Monday, April 8, 2013

BusinessWeek: Inside Apple's Plans for Its Futuristic, $5 Billion Headquarters


Inside Apple's Plans for Its Futuristic, $5 Billion Headquarters


By

At what turned out to be his last public appearance, Steve Jobs stood before the Cupertino City Council on June 7, 2011, to present plans for a new corporate campus for Apple (AAPL). Scarecrow thin but forceful as ever, Jobs displayed several renderings of a headquarters intended to accommodate more than 12,000 employees in a single, circular building. “It’s a little like a spaceship,” he said of the massive, four-story ring, which, at 2.8 million square feet, would be two-thirds the size of the Pentagon and set among 176 acres of trees where today there are mostly asphalt parking lots. “We have a shot,” he said, “at building the best office building in the world. I really do think that architecture students will come here to see it.”


Jobs presenting plans for Apple’s new campus

Jobs presenting plans for Apple’s new campus

Jobs died four months later, before the final plans could be submitted to Cupertino city planners, but he had made it clear that this corporate Shangri-La would be expensive. Apple would add 6,000 trees and hide nearly all the roads and parking spaces underground. There would be plenty of cafeterias, including one that could handle lunch for 3,000 employees. Jobs highlighted the main building’s curved exterior walls. The plans call for unprecedented 40-foot, floor-to-ceiling panes of concave glass from Germany. Before the Cupertino council, Jobs noted, “there isn’t a straight piece of glass on the whole building … and as you know if you build things, this isn’t the cheapest way to build them.”
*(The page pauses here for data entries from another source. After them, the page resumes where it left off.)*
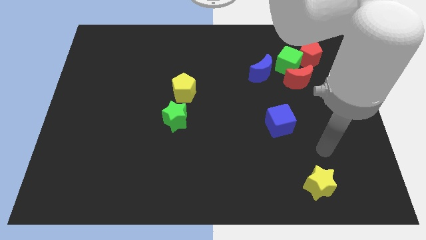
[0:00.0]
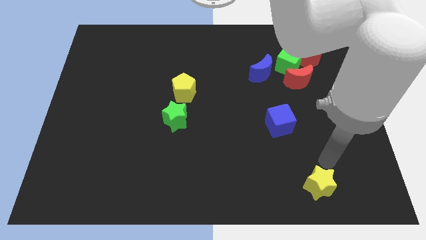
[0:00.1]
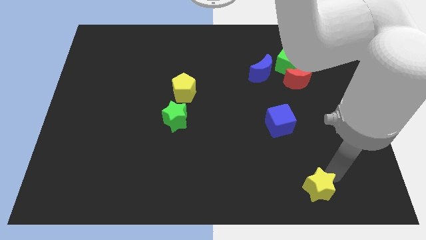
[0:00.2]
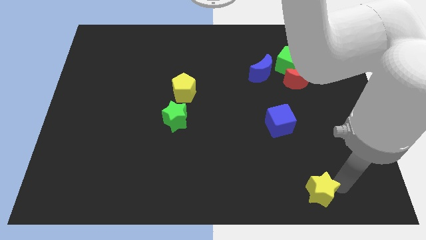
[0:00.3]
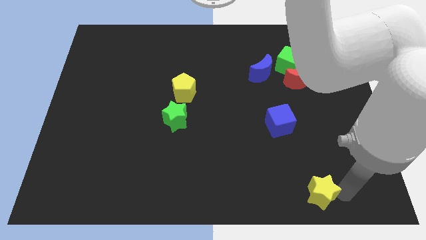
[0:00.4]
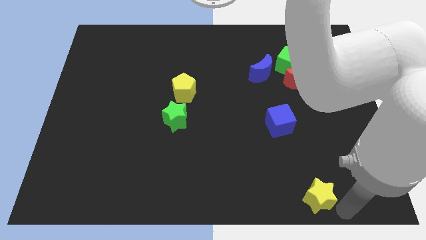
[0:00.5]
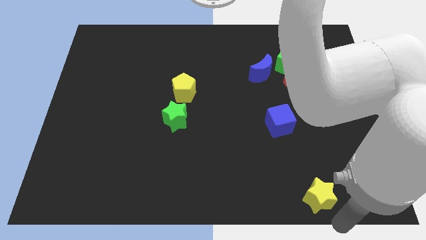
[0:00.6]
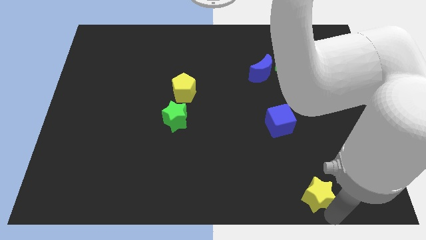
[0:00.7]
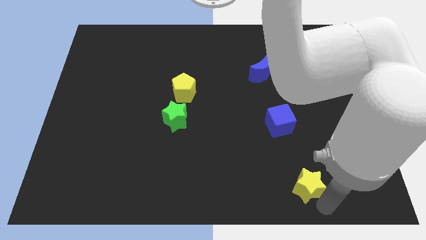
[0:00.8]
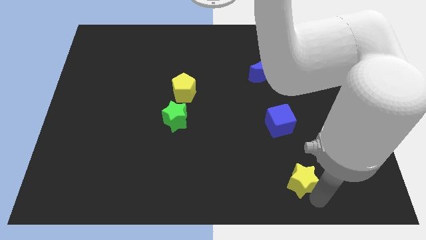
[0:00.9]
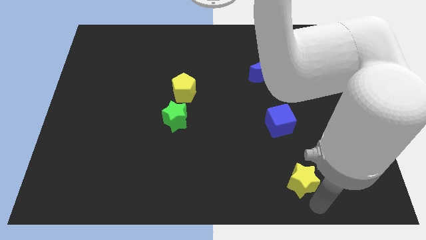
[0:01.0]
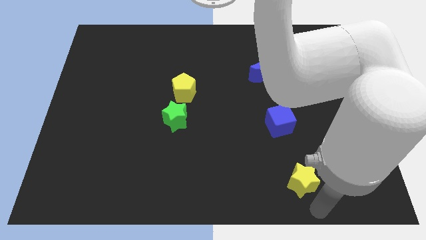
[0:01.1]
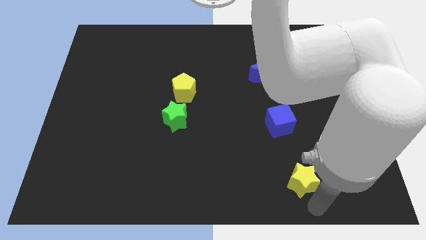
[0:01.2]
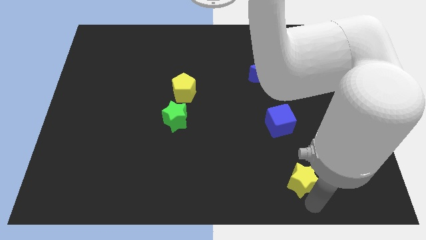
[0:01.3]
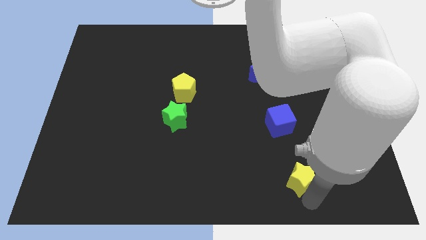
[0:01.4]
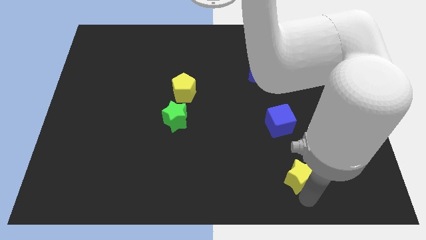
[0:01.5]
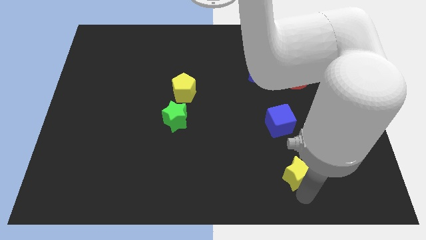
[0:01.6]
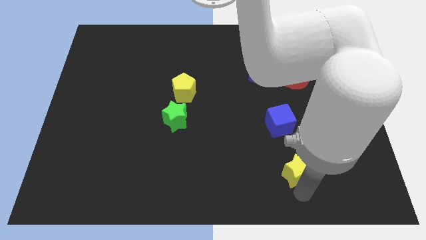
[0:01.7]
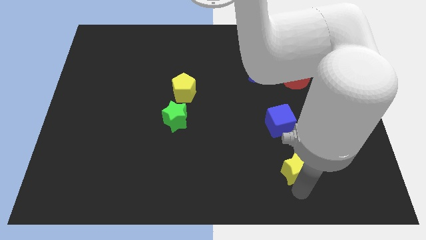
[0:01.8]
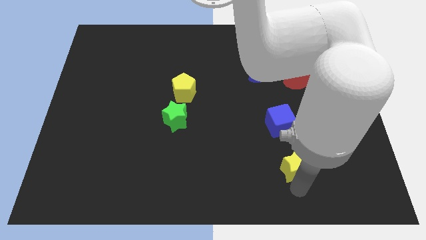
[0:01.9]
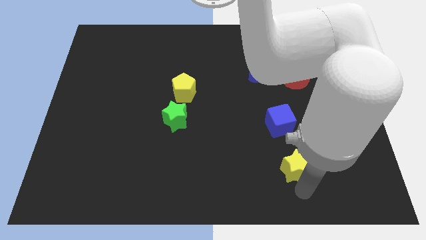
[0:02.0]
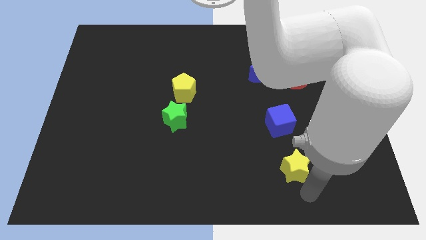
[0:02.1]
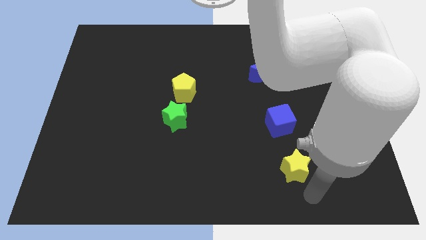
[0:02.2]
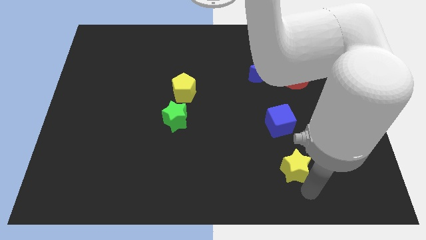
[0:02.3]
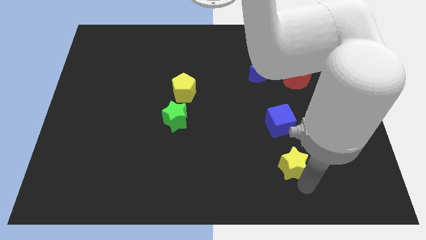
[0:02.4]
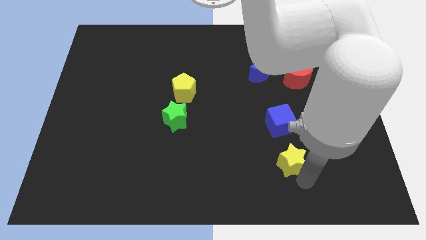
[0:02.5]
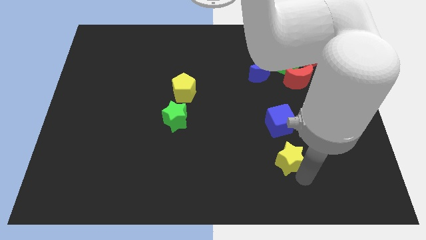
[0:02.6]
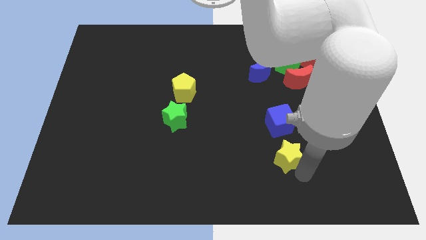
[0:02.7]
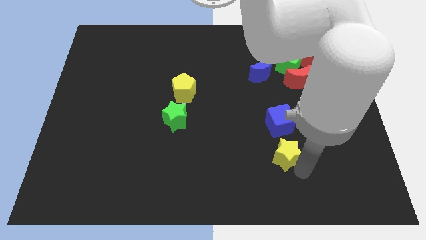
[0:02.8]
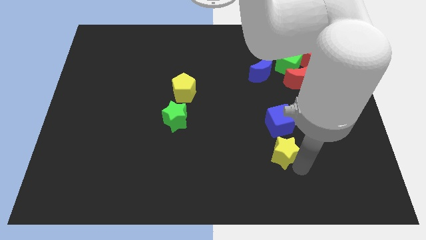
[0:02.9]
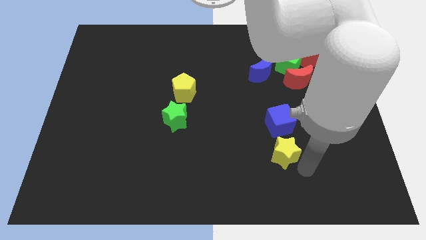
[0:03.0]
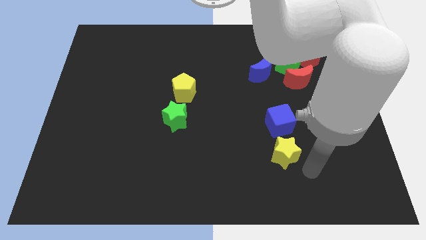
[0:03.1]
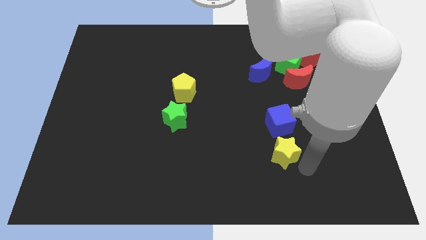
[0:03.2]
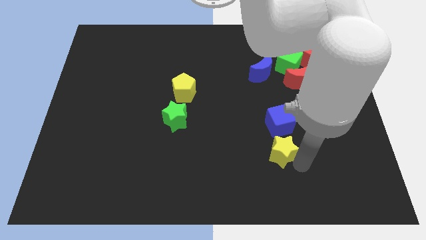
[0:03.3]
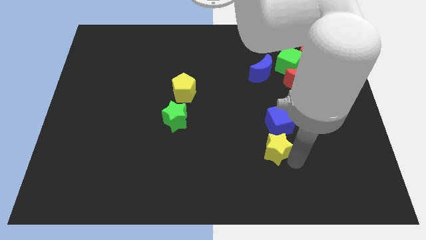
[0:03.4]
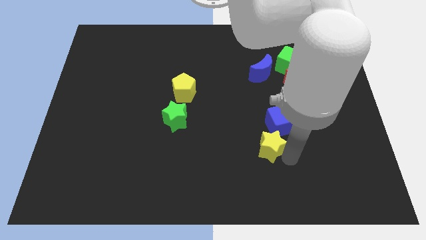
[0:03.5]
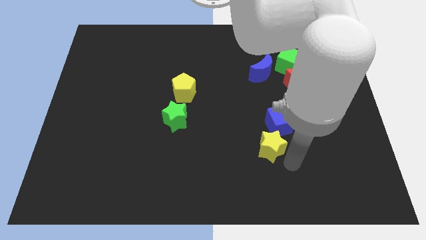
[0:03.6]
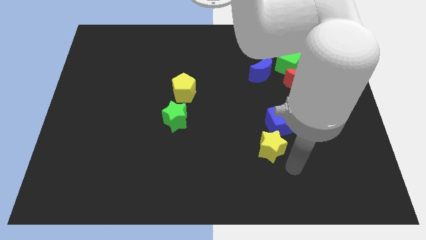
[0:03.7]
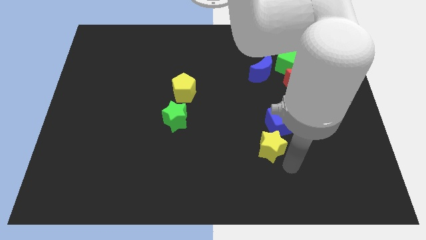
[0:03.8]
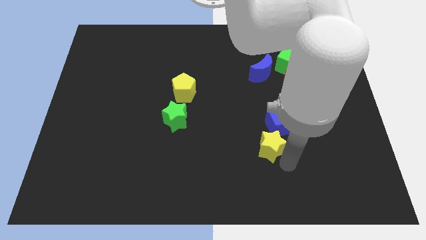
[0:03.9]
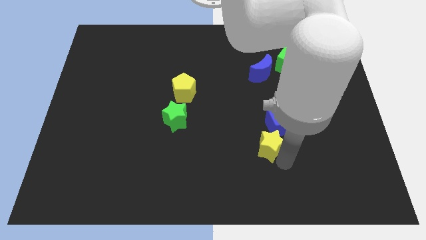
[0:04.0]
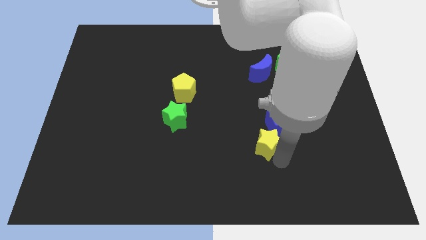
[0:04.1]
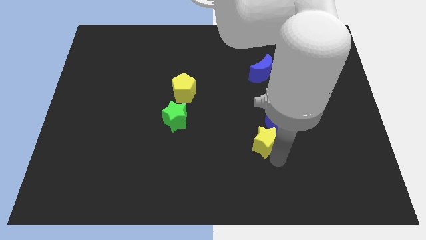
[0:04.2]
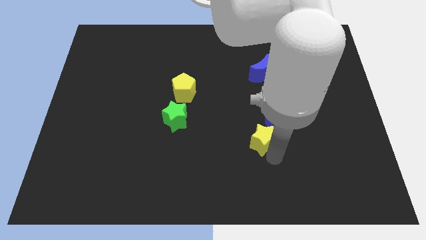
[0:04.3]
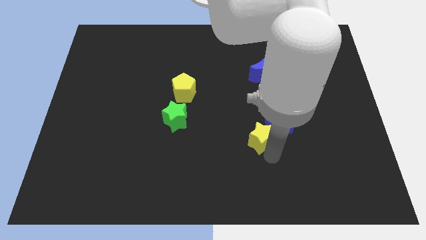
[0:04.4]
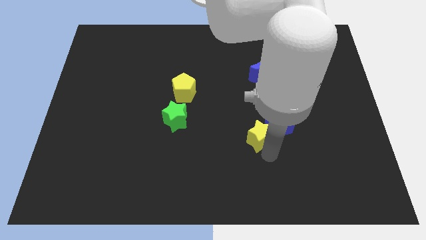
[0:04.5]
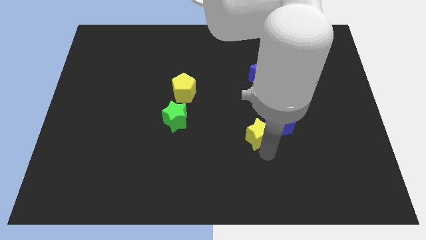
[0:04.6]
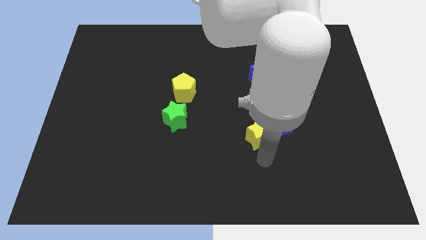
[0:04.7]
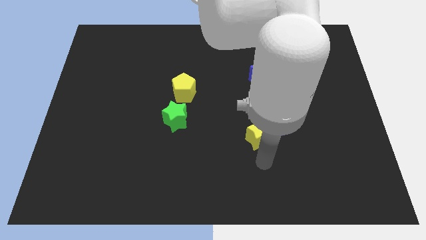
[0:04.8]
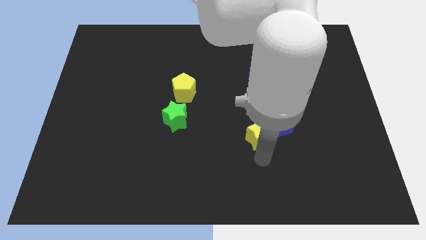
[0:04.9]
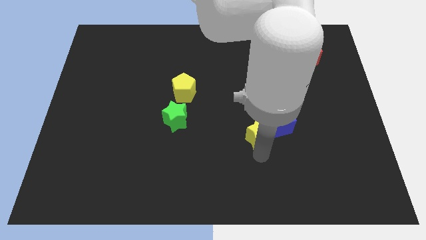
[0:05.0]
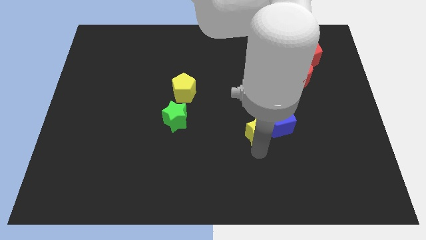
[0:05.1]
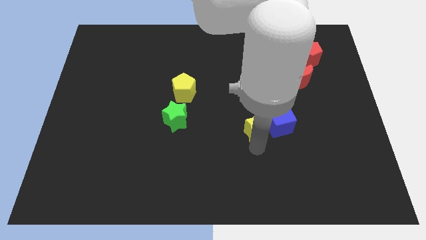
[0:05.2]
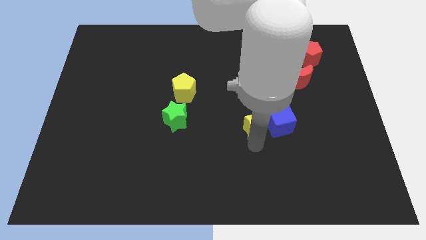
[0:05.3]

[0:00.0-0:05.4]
slide the yellow star to the top left side of the blue cube

He had that right. Since 2011, the budget for Apple’s Campus 2 has ballooned from less than $3 billion to nearly $5 billion, according to five people close to the project who were not authorized to speak on the record. If their consensus estimate is accurate, Apple’s expansion would eclipse the $3.9 billion being spent on the new World Trade Center complex in New York, and the new office space would run more than $1,500 per square foot—three times the cost of many top-of-the-line downtown corporate towers.
 
Before his death, Jobs had hoped to break ground in 2012 and to move in by the end of 2015. Apple will start tearing down the 26 buildings on the site in June, according to another person familiar with the plan. At the company’s annual meeting on Feb. 27, Chief Executive Officer Tim Cook said the move-in date has been pushed back to 2016. Apple declined to comment for this article.
 
One reason for the new timetable, say three people who have spoken to Apple personnel about the project, is that the company has been working with lead architect Foster + Partners to cut $1 billion from the budget before proceeding. Jobs and Apple first hired Norman Foster’s firm, renowned for the rebuilt Reichstag in Berlin and Hearst Tower in New York, in 2010. Apple has named a general contractor—a joint venture of DPR Construction, in Redwood City, Calif., and prefabrication specialists Skanska USA Building in New York—but has not finalized agreements with the scores of subcontractors needed to complete the job. Some contractors will be submitting bids by May. There’s so much dirt to be removed, excavating the site will take six months and require a continuous, 24-hour convoy of trucks, says a former Apple manager who heard a presentation from Foster’s firm.

Cost overruns are to be expected on large construction projects, and the scale of this one has evolved—from an initial plan to accommodate 6,000 employees, to offices for 12,000 or even 13,000 in one place. Meanwhile, $1 billion is still less than 1 percent of Apple’s $137 billion in cash reserves. Yet the multibillion-dollar budget for Campus 2 could add fuel to the debate about what Apple’s doing with all its money. Investors didn’t squawk much when Apple was dominating the smartphone and tablet market, but shares have fallen 38 percent since September amid rising competition from Samsung Electronics and concerns about Apple’s product pipeline. Now shareholders are calling for a big dividend, stock buyback, or, in the case of Greenlight Capital’s David Einhorn, the issuance of a new class of preferred shares.
 
Apple has hinted it might oblige in some way, but critics are sure to question whether curved glass is the best use of funds. “It would take some convincing for me to understand why $5 billion is the right number for a project like this,” says Keith Goddard, the chief executive of Tulsa-based Capital Advisors, which owns 30,537 shares of Apple. “This is rubbing salt in the wound, to spend at a level that most anyone would say is extravagant, at a time when they’re being so stingy on dividends.” If the stock continues to underperform, Goddard predicts, “this headquarters would perpetuate the negative story.”
 
 
Burrows is a senior writer for Bloomberg Businessweek, based in San Francisco.